Prezydent Radomska jest dziadkiem. Wspominał o tym na jednym ze spotkań. Chyba z emerytami. Szczerze gratuluje. Sam jestem dziadkiem i wiem jak w tej sytuacji można przewartościować swoje życie.
Pewne zajęcia schodzą na plan dalszy. Inne nawet nie mają znaczenia. Wartością jest być dziadkiem. Teraz nasz prezydent maluje czy rysuje z dziećmi w przedszkolu. Piecze pączki w domowym zaciszu (złośliwi twierdzą, że wcześniej kupił w sklepie). Radomszczanie więcej wiary w umiejętności kulinarne naszego prezydenta.
Jednak wydział promocji w Urzędzie Miasta nie postarał się. W dodatku w tak gorącym czasie jaki kampanii wyborczej.
Przy okazji awarii ciepłociągu sytuacja sama krzyczała: wykorzystaj mnie.
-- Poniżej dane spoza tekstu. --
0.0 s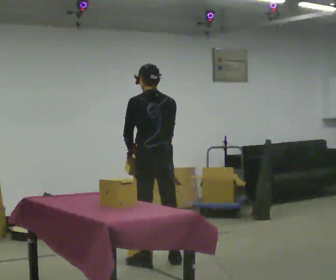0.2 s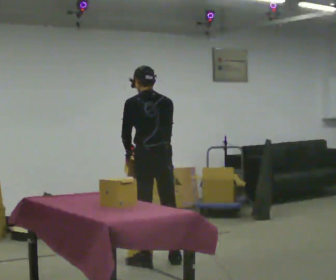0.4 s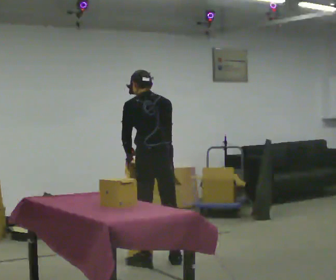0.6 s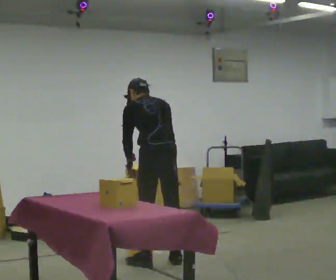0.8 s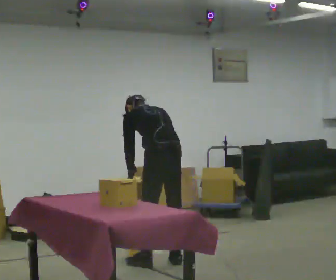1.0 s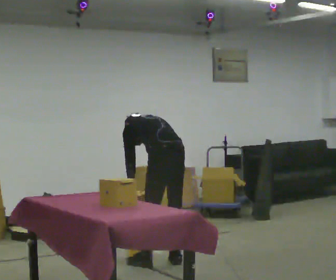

Mam przed oczami taki obrazek w lokalnych mediach z krzykliwym tytułem „Prezydent Radomska na pierwszej linii”. W roboczym kombinezonie, umorusany, ramię w ramię pomaga przy usuwaniu awarii ciepłociągu. A tak kicha. Tylko skromne wystąpienie na konferencji prasowej i informacja w stylu jak jest zima to jest zimo, a jak mróz to są awarie ciepłociągu, bo ciepłociąg jest stary. Już kiedyś coś takiego słyszeliśmy. Sorry taki mamy klimat.